Aim of the exercise> Below are entries; output exactly the lines from the one with "#10153=VERTEX_POINT('',#10152);" to the one with "#10205=CARTESIAN_POINT('',(-3.747,-27.525,-28.326));", both included, and nothing else.

Stored items>
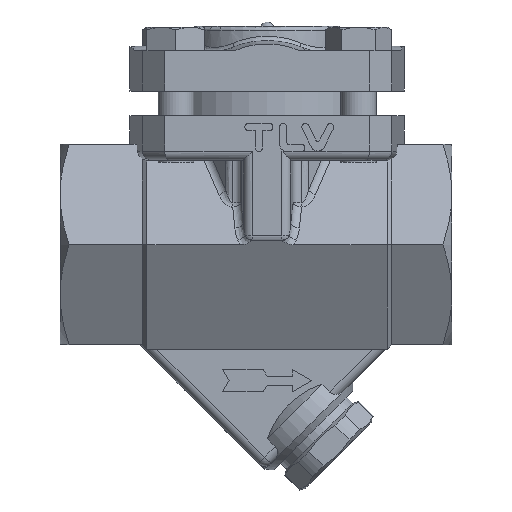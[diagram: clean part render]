
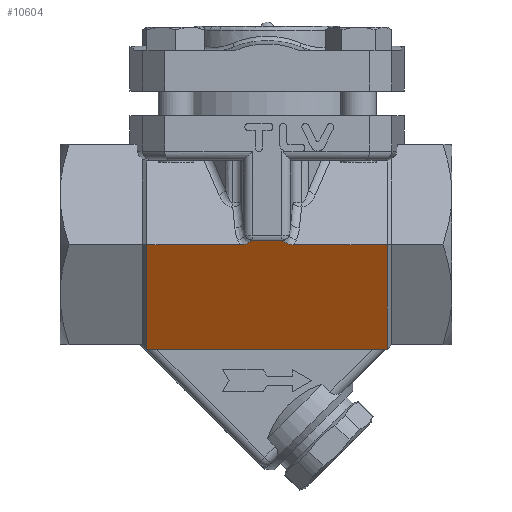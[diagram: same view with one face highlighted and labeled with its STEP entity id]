
A CAD part, front view. The second image highlights one B-rep face of the part: STEP entity #10604.
In plain terms, the highlighted planar face has unit normal (0, -0.866, -0.5).
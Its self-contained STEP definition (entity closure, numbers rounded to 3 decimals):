
#9719=CARTESIAN_POINT('',(3.328,-27.699,-28.024));
#9720=VERTEX_POINT('',#9719);
#9738=CARTESIAN_POINT('',(5.912,-27.135,-29.));
#9739=VERTEX_POINT('',#9738);
#9740=CARTESIAN_POINT('',(3.327,-27.699,-28.024));
#9741=CARTESIAN_POINT('',(3.339,-27.698,-28.026));
#9742=CARTESIAN_POINT('',(3.351,-27.693,-28.034));
#9743=CARTESIAN_POINT('',(3.361,-27.69,-28.04));
#9744=CARTESIAN_POINT('',(3.38,-27.682,-28.054));
#9745=CARTESIAN_POINT('',(3.399,-27.673,-28.069));
#9746=CARTESIAN_POINT('',(3.417,-27.665,-28.083));
#9747=CARTESIAN_POINT('',(3.476,-27.638,-28.129));
#9748=CARTESIAN_POINT('',(3.545,-27.608,-28.182));
#9749=CARTESIAN_POINT('',(3.606,-27.582,-28.227));
#9750=CARTESIAN_POINT('',(3.651,-27.563,-28.259));
#9751=CARTESIAN_POINT('',(3.697,-27.545,-28.291));
#9752=CARTESIAN_POINT('',(3.745,-27.526,-28.324));
#9753=CARTESIAN_POINT('',(3.8,-27.505,-28.36));
#9754=CARTESIAN_POINT('',(3.855,-27.484,-28.396));
#9755=CARTESIAN_POINT('',(3.907,-27.466,-28.427));
#9756=CARTESIAN_POINT('',(3.958,-27.448,-28.458));
#9757=CARTESIAN_POINT('',(4.013,-27.43,-28.489));
#9758=CARTESIAN_POINT('',(4.07,-27.412,-28.52));
#9759=CARTESIAN_POINT('',(4.198,-27.372,-28.59));
#9760=CARTESIAN_POINT('',(4.338,-27.333,-28.657));
#9761=CARTESIAN_POINT('',(4.47,-27.302,-28.711));
#9762=CARTESIAN_POINT('',(4.558,-27.281,-28.747));
#9763=CARTESIAN_POINT('',(4.643,-27.263,-28.779));
#9764=CARTESIAN_POINT('',(4.735,-27.246,-28.809));
#9765=CARTESIAN_POINT('',(5.018,-27.192,-28.902));
#9766=CARTESIAN_POINT('',(5.338,-27.154,-28.967));
#9767=CARTESIAN_POINT('',(5.642,-27.141,-28.99));
#9768=CARTESIAN_POINT('',(5.734,-27.137,-28.997));
#9769=CARTESIAN_POINT('',(5.823,-27.135,-29.));
#9770=CARTESIAN_POINT('',(5.912,-27.135,-29.));
#9771=B_SPLINE_CURVE_WITH_KNOTS('',3,(#9740,#9741,#9742,#9743,#9744,#9745,#9746,#9747,#9748,#9749,#9750,#9751,#9752,#9753,#9754,#9755,#9756,#9757,#9758,#9759,#9760,#9761,#9762,#9763,#9764,#9765,#9766,#9767,#9768,#9769,#9770),.UNSPECIFIED.,.F.,.U.,(4,3,3,3,3,3,3,3,3,3,4),(0.001,0.004,0.011,0.035,0.052,0.07,0.089,0.131,0.159,0.246,0.272),.UNSPECIFIED.);
#9772=EDGE_CURVE('',#9739,#9720,#9771,.F.);
#9807=CARTESIAN_POINT('',(3.322,-27.732,-27.967));
#9808=VERTEX_POINT('',#9807);
#9816=CARTESIAN_POINT('',(3.322,-27.732,-27.967));
#9817=DIRECTION('',(0.088,0.498,-0.863));
#9818=VECTOR('',#9817,0.066);
#9819=LINE('',#9816,#9818);
#9820=EDGE_CURVE('',#9808,#9720,#9819,.T.);
#10152=CARTESIAN_POINT('',(-3.328,-27.699,-28.024));
#10153=VERTEX_POINT('',#10152);
#10177=CARTESIAN_POINT('',(-5.912,-27.135,-29.));
#10178=VERTEX_POINT('',#10177);
#10186=CARTESIAN_POINT('',(-5.912,-27.135,-29.));
#10187=CARTESIAN_POINT('',(-5.809,-27.135,-29.));
#10188=CARTESIAN_POINT('',(-5.703,-27.138,-28.996));
#10189=CARTESIAN_POINT('',(-5.595,-27.143,-28.986));
#10190=CARTESIAN_POINT('',(-5.409,-27.153,-28.97));
#10191=CARTESIAN_POINT('',(-5.22,-27.171,-28.939));
#10192=CARTESIAN_POINT('',(-5.037,-27.196,-28.895));
#10193=CARTESIAN_POINT('',(-4.865,-27.22,-28.854));
#10194=CARTESIAN_POINT('',(-4.699,-27.251,-28.801));
#10195=CARTESIAN_POINT('',(-4.549,-27.284,-28.743));
#10196=CARTESIAN_POINT('',(-4.464,-27.303,-28.71));
#10197=CARTESIAN_POINT('',(-4.376,-27.324,-28.673));
#10198=CARTESIAN_POINT('',(-4.288,-27.348,-28.631));
#10199=CARTESIAN_POINT('',(-4.174,-27.379,-28.578));
#10200=CARTESIAN_POINT('',(-4.06,-27.414,-28.517));
#10201=CARTESIAN_POINT('',(-3.959,-27.449,-28.458));
#10202=CARTESIAN_POINT('',(-3.907,-27.466,-28.428));
#10203=CARTESIAN_POINT('',(-3.858,-27.483,-28.397));
#10204=CARTESIAN_POINT('',(-3.805,-27.503,-28.363));
#10205=CARTESIAN_POINT('',(-3.747,-27.525,-28.326));
#10206=CARTESIAN_POINT('',(-3.689,-27.548,-28.286));
#10207=CARTESIAN_POINT('',(-3.636,-27.569,-28.248));
#10208=CARTESIAN_POINT('',(-3.596,-27.586,-28.22));
#10209=CARTESIAN_POINT('',(-3.556,-27.603,-28.19));
#10210=CARTESIAN_POINT('',(-3.514,-27.621,-28.159));
#10211=CARTESIAN_POINT('',(-3.483,-27.635,-28.135));
#10212=CARTESIAN_POINT('',(-3.452,-27.649,-28.11));
#10213=CARTESIAN_POINT('',(-3.423,-27.662,-28.088));
#10214=CARTESIAN_POINT('',(-3.406,-27.67,-28.074));
#10215=CARTESIAN_POINT('',(-3.387,-27.679,-28.059));
#10216=CARTESIAN_POINT('',(-3.368,-27.686,-28.046));
#10217=CARTESIAN_POINT('',(-3.356,-27.691,-28.037));
#10218=CARTESIAN_POINT('',(-3.342,-27.698,-28.026));
#10219=CARTESIAN_POINT('',(-3.327,-27.699,-28.024));
#10220=B_SPLINE_CURVE_WITH_KNOTS('',3,(#10186,#10187,#10188,#10189,#10190,#10191,#10192,#10193,#10194,#10195,#10196,#10197,#10198,#10199,#10200,#10201,#10202,#10203,#10204,#10205,#10206,#10207,#10208,#10209,#10210,#10211,#10212,#10213,#10214,#10215,#10216,#10217,#10218,#10219),.UNSPECIFIED.,.F.,.U.,(4,3,3,3,3,3,3,3,3,3,3,4),(1.166,1.197,1.249,1.299,1.326,1.362,1.38,1.4,1.415,1.426,1.433,1.438),.UNSPECIFIED.);
#10221=EDGE_CURVE('',#10178,#10153,#10220,.T.);
#10243=CARTESIAN_POINT('',(-27.0,-27.135,-29.));
#10244=VERTEX_POINT('',#10243);
#10251=CARTESIAN_POINT('',(-27.0,-27.135,-29.));
#10252=DIRECTION('',(1.0,0.0,0.0));
#10253=VECTOR('',#10252,21.088);
#10254=LINE('',#10251,#10253);
#10255=EDGE_CURVE('',#10244,#10178,#10254,.T.);
#10466=CARTESIAN_POINT('',(27.0,-27.135,-29.));
#10467=VERTEX_POINT('',#10466);
#10468=CARTESIAN_POINT('',(5.912,-27.135,-29.));
#10469=DIRECTION('',(1.0,0.0,0.0));
#10470=VECTOR('',#10469,21.088);
#10471=LINE('',#10468,#10470);
#10472=EDGE_CURVE('',#9739,#10467,#10471,.T.);
#10500=CARTESIAN_POINT('',(-3.322,-27.732,-27.967));
#10501=VERTEX_POINT('',#10500);
#10534=CARTESIAN_POINT('',(-3.322,-27.732,-27.967));
#10535=DIRECTION('',(1.0,0.0,0.0));
#10536=VECTOR('',#10535,6.644);
#10537=LINE('',#10534,#10536);
#10538=EDGE_CURVE('',#10501,#9808,#10537,.T.);
#10558=CARTESIAN_POINT('',(-3.328,-27.699,-28.024));
#10559=DIRECTION('',(0.088,-0.498,0.863));
#10560=VECTOR('',#10559,0.066);
#10561=LINE('',#10558,#10560);
#10562=EDGE_CURVE('',#10153,#10501,#10561,.T.);
#10568=CARTESIAN_POINT('',(0.0,-27.135,-29.));
#10569=DIRECTION('',(0.0,-0.866,-0.5));
#10570=DIRECTION('',(-1.0,0.0,0.0));
#10571=AXIS2_PLACEMENT_3D('',#10568,#10569,#10570);
#10572=PLANE('',#10571);
#10573=ORIENTED_EDGE('',*,*,#9772,.T.);
#10574=ORIENTED_EDGE('',*,*,#9820,.F.);
#10575=ORIENTED_EDGE('',*,*,#10538,.F.);
#10576=ORIENTED_EDGE('',*,*,#10562,.F.);
#10577=ORIENTED_EDGE('',*,*,#10221,.F.);
#10578=ORIENTED_EDGE('',*,*,#10255,.F.);
#10579=CARTESIAN_POINT('',(-27.0,-13.568,-52.5));
#10580=VERTEX_POINT('',#10579);
#10581=CARTESIAN_POINT('',(-27.0,-13.568,-52.5));
#10582=DIRECTION('',(0.0,-0.5,0.866));
#10583=VECTOR('',#10582,27.135);
#10584=LINE('',#10581,#10583);
#10585=EDGE_CURVE('',#10580,#10244,#10584,.T.);
#10586=ORIENTED_EDGE('',*,*,#10585,.F.);
#10587=CARTESIAN_POINT('',(27.0,-13.568,-52.5));
#10588=VERTEX_POINT('',#10587);
#10589=CARTESIAN_POINT('',(27.0,-13.568,-52.5));
#10590=DIRECTION('',(-1.0,0.0,0.0));
#10591=VECTOR('',#10590,54.0);
#10592=LINE('',#10589,#10591);
#10593=EDGE_CURVE('',#10588,#10580,#10592,.T.);
#10594=ORIENTED_EDGE('',*,*,#10593,.F.);
#10595=CARTESIAN_POINT('',(27.0,-27.135,-29.));
#10596=DIRECTION('',(0.0,0.5,-0.866));
#10597=VECTOR('',#10596,27.135);
#10598=LINE('',#10595,#10597);
#10599=EDGE_CURVE('',#10467,#10588,#10598,.T.);
#10600=ORIENTED_EDGE('',*,*,#10599,.F.);
#10601=ORIENTED_EDGE('',*,*,#10472,.F.);
#10602=EDGE_LOOP('',(#10573,#10574,#10575,#10576,#10577,#10578,#10586,#10594,#10600,#10601));
#10603=FACE_OUTER_BOUND('',#10602,.T.);
#10604=ADVANCED_FACE('',(#10603),#10572,.T.);

Solution>
#10153=VERTEX_POINT('',#10152);
#10177=CARTESIAN_POINT('',(-5.912,-27.135,-29.));
#10178=VERTEX_POINT('',#10177);
#10186=CARTESIAN_POINT('',(-5.912,-27.135,-29.));
#10187=CARTESIAN_POINT('',(-5.809,-27.135,-29.));
#10188=CARTESIAN_POINT('',(-5.703,-27.138,-28.996));
#10189=CARTESIAN_POINT('',(-5.595,-27.143,-28.986));
#10190=CARTESIAN_POINT('',(-5.409,-27.153,-28.97));
#10191=CARTESIAN_POINT('',(-5.22,-27.171,-28.939));
#10192=CARTESIAN_POINT('',(-5.037,-27.196,-28.895));
#10193=CARTESIAN_POINT('',(-4.865,-27.22,-28.854));
#10194=CARTESIAN_POINT('',(-4.699,-27.251,-28.801));
#10195=CARTESIAN_POINT('',(-4.549,-27.284,-28.743));
#10196=CARTESIAN_POINT('',(-4.464,-27.303,-28.71));
#10197=CARTESIAN_POINT('',(-4.376,-27.324,-28.673));
#10198=CARTESIAN_POINT('',(-4.288,-27.348,-28.631));
#10199=CARTESIAN_POINT('',(-4.174,-27.379,-28.578));
#10200=CARTESIAN_POINT('',(-4.06,-27.414,-28.517));
#10201=CARTESIAN_POINT('',(-3.959,-27.449,-28.458));
#10202=CARTESIAN_POINT('',(-3.907,-27.466,-28.428));
#10203=CARTESIAN_POINT('',(-3.858,-27.483,-28.397));
#10204=CARTESIAN_POINT('',(-3.805,-27.503,-28.363));
#10205=CARTESIAN_POINT('',(-3.747,-27.525,-28.326));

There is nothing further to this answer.